- _Activity_
Reproduce word for word, from the entries below, the line with "Q 833.398 145.082, 832.198 144.562", the line with "Q 395.396 657.149, 395.476 657.309", and every line between them, and nothing more.

(Record set)

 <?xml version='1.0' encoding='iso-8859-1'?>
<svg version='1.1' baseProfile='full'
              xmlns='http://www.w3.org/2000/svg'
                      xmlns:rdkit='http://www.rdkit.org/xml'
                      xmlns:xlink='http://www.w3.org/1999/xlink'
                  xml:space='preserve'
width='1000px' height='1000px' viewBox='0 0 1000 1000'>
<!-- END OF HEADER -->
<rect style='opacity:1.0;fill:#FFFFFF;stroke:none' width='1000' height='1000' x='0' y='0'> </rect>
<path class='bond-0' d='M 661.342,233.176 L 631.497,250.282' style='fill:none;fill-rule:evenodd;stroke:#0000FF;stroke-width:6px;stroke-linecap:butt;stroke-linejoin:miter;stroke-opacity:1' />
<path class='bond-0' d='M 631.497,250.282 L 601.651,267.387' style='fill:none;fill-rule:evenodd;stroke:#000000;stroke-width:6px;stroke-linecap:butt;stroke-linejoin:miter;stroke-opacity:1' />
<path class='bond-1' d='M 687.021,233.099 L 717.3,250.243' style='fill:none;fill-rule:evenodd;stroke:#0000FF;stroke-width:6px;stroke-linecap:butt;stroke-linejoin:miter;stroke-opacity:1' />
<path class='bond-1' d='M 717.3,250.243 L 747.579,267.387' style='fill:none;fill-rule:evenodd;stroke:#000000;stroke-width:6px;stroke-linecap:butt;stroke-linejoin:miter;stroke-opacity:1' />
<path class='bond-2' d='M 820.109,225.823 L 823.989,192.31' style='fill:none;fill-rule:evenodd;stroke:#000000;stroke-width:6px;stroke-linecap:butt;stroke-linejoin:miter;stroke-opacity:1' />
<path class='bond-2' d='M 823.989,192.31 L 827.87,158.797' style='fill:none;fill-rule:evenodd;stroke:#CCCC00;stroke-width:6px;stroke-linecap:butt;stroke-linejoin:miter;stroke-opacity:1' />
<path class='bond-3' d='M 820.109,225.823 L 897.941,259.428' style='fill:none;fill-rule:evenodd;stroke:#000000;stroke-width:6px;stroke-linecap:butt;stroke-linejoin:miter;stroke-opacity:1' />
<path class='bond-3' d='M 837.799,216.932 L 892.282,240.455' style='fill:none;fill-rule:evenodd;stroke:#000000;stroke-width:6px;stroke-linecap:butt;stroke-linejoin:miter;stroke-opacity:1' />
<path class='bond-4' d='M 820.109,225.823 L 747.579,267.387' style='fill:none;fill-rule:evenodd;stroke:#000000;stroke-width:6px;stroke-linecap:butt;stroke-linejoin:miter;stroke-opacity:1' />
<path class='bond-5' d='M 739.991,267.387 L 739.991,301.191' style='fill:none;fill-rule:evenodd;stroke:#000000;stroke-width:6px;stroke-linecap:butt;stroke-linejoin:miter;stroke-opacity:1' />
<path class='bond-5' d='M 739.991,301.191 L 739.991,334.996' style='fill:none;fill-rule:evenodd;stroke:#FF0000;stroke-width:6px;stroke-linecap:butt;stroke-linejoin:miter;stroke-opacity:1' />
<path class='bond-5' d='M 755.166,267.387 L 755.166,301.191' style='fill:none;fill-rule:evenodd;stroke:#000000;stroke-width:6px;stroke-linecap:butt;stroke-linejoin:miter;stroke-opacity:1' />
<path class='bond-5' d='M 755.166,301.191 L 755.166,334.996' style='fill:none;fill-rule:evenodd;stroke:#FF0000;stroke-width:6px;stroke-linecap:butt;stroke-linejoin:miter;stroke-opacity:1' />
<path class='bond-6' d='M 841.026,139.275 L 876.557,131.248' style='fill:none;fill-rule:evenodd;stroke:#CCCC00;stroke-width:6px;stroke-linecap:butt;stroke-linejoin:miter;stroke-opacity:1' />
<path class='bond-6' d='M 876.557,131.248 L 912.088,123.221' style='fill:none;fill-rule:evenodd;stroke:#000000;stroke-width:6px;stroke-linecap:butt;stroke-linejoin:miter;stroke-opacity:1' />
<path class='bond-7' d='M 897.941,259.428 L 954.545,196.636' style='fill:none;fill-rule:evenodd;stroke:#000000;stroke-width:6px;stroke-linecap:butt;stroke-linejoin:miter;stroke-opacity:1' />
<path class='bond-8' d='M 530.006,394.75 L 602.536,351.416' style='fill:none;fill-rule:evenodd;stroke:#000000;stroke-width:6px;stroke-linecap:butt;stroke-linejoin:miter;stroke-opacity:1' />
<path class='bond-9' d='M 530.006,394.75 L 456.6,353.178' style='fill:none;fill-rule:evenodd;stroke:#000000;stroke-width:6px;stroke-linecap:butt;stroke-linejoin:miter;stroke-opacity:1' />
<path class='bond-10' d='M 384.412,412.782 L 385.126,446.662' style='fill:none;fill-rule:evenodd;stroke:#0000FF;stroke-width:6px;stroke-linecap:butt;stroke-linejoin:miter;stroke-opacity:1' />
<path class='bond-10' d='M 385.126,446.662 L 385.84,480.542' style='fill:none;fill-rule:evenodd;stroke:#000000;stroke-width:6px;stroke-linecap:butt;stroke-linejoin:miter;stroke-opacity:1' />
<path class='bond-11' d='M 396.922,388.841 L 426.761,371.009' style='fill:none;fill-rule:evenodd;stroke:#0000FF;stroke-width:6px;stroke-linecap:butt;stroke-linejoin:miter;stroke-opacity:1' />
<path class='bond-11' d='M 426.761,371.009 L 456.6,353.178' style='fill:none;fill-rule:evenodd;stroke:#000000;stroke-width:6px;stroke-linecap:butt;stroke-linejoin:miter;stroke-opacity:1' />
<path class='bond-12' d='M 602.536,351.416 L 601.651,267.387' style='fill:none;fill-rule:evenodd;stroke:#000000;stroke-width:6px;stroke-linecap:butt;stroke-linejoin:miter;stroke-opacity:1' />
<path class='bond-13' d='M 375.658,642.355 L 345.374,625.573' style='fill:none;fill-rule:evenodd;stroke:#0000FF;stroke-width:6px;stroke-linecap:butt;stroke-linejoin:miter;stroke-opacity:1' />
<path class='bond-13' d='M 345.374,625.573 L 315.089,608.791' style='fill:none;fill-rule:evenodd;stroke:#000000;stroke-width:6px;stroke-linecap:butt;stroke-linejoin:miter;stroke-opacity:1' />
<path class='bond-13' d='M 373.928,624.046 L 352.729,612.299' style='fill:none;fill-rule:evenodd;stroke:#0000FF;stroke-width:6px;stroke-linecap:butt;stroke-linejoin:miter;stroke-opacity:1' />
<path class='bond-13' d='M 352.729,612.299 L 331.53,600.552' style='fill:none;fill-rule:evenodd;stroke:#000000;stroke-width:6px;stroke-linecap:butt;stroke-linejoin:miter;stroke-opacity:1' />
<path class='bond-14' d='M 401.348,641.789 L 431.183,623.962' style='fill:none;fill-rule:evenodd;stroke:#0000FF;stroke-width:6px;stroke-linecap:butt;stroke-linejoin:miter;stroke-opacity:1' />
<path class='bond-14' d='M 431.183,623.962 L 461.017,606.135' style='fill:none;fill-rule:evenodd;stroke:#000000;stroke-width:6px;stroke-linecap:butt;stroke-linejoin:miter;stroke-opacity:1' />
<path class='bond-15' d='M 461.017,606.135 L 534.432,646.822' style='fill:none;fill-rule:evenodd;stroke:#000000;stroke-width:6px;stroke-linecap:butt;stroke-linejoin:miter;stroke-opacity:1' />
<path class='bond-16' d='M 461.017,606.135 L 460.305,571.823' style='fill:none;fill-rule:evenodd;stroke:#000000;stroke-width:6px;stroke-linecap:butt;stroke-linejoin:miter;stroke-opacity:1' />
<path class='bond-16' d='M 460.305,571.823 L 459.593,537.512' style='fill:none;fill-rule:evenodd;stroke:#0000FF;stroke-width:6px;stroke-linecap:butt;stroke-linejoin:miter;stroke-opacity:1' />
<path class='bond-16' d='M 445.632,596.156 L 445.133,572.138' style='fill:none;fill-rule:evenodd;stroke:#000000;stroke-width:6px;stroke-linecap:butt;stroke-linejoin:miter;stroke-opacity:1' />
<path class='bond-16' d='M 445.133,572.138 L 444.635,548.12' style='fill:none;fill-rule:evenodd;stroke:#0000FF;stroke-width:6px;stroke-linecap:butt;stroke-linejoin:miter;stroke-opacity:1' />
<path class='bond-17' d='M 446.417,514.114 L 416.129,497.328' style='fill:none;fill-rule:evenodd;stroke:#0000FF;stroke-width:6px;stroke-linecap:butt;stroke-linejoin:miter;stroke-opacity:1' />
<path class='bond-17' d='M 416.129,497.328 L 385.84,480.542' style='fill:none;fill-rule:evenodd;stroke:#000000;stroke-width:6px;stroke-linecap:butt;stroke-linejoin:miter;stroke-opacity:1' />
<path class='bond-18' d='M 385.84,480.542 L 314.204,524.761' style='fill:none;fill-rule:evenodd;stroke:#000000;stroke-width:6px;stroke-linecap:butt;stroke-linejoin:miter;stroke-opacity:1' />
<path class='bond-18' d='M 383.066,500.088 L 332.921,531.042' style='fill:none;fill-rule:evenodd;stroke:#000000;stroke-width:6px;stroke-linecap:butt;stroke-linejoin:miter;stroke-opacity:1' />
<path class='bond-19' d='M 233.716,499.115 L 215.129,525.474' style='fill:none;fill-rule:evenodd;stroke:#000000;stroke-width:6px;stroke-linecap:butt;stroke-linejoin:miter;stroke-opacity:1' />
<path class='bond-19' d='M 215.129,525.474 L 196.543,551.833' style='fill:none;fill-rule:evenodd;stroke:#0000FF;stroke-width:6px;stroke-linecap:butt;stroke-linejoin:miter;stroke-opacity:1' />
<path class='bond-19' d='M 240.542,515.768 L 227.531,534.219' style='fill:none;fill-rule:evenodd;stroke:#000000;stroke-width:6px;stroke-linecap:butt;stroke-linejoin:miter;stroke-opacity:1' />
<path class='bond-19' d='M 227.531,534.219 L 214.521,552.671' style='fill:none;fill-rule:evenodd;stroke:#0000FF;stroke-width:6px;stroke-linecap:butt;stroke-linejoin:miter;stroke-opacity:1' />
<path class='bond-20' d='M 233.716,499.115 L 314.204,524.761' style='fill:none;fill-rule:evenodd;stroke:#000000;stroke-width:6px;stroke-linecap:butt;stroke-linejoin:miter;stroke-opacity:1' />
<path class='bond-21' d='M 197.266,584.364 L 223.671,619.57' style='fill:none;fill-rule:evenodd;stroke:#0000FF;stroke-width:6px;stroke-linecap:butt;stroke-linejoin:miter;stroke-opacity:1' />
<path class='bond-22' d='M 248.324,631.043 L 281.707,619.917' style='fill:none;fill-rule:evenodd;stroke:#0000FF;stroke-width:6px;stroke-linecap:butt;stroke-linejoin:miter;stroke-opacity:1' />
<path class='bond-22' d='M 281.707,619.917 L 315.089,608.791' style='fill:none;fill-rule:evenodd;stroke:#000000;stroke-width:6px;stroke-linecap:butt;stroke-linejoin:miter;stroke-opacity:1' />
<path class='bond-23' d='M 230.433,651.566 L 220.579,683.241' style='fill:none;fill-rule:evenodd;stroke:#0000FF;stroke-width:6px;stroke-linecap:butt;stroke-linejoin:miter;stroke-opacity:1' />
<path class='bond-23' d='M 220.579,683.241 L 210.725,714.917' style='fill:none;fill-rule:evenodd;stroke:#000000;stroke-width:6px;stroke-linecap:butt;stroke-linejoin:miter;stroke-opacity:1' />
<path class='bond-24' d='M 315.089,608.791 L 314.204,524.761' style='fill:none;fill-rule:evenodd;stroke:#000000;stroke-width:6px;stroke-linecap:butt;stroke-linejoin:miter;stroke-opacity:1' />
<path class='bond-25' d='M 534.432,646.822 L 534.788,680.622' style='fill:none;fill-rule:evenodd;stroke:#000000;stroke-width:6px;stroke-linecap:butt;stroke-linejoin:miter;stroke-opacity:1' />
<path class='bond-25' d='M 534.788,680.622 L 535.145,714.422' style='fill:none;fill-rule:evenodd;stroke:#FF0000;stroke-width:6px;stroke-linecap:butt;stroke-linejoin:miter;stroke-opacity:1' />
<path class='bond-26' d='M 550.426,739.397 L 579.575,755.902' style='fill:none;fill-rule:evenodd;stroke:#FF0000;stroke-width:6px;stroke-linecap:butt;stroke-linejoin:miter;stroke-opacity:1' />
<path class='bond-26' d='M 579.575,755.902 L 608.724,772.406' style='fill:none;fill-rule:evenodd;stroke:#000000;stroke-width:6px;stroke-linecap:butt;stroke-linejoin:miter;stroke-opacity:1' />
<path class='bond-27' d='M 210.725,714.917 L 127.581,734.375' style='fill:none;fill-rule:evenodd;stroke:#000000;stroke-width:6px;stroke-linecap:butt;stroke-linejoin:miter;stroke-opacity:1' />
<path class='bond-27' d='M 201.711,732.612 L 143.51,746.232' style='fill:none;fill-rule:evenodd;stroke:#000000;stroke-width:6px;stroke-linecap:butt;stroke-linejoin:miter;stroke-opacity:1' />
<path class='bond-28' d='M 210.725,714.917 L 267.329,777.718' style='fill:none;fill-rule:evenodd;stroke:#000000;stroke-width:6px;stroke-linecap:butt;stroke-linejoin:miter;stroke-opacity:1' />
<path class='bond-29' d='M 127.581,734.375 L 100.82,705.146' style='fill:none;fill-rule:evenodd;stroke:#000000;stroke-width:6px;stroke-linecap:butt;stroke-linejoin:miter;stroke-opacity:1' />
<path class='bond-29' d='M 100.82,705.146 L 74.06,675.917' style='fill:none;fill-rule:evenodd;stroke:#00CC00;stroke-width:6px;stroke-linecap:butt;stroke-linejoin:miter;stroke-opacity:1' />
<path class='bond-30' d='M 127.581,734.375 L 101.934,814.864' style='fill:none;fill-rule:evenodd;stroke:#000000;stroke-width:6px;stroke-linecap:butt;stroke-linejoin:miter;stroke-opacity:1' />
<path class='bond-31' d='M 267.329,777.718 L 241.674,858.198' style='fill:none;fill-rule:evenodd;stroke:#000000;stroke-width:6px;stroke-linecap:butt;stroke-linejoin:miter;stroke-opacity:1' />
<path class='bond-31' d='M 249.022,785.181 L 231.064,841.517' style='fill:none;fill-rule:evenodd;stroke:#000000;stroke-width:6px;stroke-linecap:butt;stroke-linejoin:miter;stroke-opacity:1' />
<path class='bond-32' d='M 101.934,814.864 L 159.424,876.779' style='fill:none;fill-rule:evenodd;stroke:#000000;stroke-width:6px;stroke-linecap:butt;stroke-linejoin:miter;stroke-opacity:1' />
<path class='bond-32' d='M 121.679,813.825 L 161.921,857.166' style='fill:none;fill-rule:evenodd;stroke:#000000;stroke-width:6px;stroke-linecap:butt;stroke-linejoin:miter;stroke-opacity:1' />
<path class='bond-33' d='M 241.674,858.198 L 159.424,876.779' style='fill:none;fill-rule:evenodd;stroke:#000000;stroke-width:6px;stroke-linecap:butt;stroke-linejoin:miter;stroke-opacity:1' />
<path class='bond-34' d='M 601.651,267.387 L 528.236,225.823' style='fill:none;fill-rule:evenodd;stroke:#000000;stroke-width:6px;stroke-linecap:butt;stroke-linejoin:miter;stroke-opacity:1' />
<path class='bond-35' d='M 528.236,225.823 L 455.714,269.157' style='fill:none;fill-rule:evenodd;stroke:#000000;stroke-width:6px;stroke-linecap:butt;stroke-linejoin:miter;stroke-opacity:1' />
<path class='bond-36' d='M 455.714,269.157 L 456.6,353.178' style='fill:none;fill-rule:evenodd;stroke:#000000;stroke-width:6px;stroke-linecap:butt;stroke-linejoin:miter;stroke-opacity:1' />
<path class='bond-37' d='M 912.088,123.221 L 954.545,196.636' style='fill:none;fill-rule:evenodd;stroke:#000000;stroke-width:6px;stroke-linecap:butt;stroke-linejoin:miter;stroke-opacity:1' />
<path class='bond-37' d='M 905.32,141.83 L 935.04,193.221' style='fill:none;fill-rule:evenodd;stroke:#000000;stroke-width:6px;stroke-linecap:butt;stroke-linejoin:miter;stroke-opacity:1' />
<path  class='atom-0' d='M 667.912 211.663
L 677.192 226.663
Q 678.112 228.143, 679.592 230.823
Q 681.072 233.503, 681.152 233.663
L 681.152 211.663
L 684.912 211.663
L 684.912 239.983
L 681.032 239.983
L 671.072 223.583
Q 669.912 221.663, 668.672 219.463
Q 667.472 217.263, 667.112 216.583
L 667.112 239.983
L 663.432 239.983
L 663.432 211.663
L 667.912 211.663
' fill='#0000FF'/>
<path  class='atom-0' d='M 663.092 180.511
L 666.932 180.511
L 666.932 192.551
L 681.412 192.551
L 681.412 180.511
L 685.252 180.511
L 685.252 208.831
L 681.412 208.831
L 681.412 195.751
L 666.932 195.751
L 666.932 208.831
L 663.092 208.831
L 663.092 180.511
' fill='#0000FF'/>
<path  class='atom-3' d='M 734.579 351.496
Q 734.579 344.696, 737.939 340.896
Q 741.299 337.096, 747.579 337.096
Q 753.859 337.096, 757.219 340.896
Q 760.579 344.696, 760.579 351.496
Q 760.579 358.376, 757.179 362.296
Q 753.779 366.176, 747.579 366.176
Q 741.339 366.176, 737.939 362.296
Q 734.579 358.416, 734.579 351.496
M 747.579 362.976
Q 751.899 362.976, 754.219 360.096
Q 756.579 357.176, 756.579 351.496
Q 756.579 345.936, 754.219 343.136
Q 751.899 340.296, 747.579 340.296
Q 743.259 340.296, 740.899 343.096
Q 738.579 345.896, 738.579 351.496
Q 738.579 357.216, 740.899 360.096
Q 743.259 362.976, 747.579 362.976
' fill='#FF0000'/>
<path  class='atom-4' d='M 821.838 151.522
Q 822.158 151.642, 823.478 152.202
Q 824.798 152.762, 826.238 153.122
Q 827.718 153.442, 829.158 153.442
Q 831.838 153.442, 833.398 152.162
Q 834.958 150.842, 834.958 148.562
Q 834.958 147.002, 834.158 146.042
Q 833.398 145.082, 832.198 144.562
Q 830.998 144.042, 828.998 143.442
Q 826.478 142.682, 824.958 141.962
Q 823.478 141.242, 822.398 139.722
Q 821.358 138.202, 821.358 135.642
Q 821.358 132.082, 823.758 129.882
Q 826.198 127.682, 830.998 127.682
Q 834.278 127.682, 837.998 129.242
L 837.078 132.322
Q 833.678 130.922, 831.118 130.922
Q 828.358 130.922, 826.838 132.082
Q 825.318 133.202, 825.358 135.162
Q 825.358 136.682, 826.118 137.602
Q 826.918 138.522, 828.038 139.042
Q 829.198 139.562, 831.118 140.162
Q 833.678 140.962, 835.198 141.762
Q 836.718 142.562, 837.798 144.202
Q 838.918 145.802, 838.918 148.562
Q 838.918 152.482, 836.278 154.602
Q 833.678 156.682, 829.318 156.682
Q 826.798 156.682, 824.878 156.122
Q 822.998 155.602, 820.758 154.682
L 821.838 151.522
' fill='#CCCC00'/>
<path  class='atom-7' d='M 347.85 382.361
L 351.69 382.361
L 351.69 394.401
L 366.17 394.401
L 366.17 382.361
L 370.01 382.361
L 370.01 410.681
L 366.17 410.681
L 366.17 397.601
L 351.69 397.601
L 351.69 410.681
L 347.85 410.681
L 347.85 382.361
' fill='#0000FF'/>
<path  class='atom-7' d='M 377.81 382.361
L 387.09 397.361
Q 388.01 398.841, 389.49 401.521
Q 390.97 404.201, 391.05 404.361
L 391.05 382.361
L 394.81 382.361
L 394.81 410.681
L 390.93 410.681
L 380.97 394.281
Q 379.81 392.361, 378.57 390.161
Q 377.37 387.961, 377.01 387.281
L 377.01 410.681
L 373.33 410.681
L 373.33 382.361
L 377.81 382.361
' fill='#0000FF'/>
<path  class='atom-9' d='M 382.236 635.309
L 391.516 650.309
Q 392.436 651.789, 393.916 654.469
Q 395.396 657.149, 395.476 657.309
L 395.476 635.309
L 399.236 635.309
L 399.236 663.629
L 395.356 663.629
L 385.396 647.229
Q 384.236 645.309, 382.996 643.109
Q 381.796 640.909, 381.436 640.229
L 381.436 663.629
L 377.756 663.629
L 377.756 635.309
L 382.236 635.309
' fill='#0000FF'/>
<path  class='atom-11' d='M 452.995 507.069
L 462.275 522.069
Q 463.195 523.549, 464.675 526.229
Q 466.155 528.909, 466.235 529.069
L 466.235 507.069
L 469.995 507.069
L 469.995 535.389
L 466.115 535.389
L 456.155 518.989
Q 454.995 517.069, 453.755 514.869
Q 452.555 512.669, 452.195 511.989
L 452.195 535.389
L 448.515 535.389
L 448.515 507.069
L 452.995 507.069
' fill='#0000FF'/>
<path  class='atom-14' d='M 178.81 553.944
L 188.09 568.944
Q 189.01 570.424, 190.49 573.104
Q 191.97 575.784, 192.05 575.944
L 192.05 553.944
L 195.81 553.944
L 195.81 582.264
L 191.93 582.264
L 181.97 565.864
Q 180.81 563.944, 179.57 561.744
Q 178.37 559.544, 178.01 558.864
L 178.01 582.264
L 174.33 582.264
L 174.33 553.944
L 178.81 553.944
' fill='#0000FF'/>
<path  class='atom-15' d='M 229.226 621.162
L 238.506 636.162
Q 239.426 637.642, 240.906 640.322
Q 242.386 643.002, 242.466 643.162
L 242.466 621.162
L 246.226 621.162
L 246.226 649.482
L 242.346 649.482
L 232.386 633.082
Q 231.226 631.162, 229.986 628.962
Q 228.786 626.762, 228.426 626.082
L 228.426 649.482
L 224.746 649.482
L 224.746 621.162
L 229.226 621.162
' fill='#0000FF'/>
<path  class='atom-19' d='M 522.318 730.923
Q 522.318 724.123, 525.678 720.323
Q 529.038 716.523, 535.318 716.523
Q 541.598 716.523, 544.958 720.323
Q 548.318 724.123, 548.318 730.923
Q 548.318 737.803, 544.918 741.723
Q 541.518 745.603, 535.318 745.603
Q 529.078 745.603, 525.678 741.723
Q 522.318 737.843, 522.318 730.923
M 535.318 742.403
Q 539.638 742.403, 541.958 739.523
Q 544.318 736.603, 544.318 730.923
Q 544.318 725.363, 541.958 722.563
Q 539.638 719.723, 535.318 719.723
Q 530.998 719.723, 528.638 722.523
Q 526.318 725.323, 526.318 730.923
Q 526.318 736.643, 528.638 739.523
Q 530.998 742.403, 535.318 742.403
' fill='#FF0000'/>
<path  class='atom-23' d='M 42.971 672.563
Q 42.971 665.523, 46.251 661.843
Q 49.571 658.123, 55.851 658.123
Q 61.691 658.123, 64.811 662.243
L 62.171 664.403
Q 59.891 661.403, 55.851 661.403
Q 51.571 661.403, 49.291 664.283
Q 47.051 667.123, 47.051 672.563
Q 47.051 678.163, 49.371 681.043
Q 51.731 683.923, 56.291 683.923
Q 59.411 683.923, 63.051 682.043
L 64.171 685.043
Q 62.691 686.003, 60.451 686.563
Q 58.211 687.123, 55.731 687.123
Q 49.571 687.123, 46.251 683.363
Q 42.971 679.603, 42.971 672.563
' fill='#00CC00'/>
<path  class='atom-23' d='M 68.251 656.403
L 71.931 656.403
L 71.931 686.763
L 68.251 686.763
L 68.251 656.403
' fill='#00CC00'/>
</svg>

(End Record set)

- _Output below_
Q 833.398 145.082, 832.198 144.562
Q 830.998 144.042, 828.998 143.442
Q 826.478 142.682, 824.958 141.962
Q 823.478 141.242, 822.398 139.722
Q 821.358 138.202, 821.358 135.642
Q 821.358 132.082, 823.758 129.882
Q 826.198 127.682, 830.998 127.682
Q 834.278 127.682, 837.998 129.242
L 837.078 132.322
Q 833.678 130.922, 831.118 130.922
Q 828.358 130.922, 826.838 132.082
Q 825.318 133.202, 825.358 135.162
Q 825.358 136.682, 826.118 137.602
Q 826.918 138.522, 828.038 139.042
Q 829.198 139.562, 831.118 140.162
Q 833.678 140.962, 835.198 141.762
Q 836.718 142.562, 837.798 144.202
Q 838.918 145.802, 838.918 148.562
Q 838.918 152.482, 836.278 154.602
Q 833.678 156.682, 829.318 156.682
Q 826.798 156.682, 824.878 156.122
Q 822.998 155.602, 820.758 154.682
L 821.838 151.522
' fill='#CCCC00'/>
<path  class='atom-7' d='M 347.85 382.361
L 351.69 382.361
L 351.69 394.401
L 366.17 394.401
L 366.17 382.361
L 370.01 382.361
L 370.01 410.681
L 366.17 410.681
L 366.17 397.601
L 351.69 397.601
L 351.69 410.681
L 347.85 410.681
L 347.85 382.361
' fill='#0000FF'/>
<path  class='atom-7' d='M 377.81 382.361
L 387.09 397.361
Q 388.01 398.841, 389.49 401.521
Q 390.97 404.201, 391.05 404.361
L 391.05 382.361
L 394.81 382.361
L 394.81 410.681
L 390.93 410.681
L 380.97 394.281
Q 379.81 392.361, 378.57 390.161
Q 377.37 387.961, 377.01 387.281
L 377.01 410.681
L 373.33 410.681
L 373.33 382.361
L 377.81 382.361
' fill='#0000FF'/>
<path  class='atom-9' d='M 382.236 635.309
L 391.516 650.309
Q 392.436 651.789, 393.916 654.469
Q 395.396 657.149, 395.476 657.309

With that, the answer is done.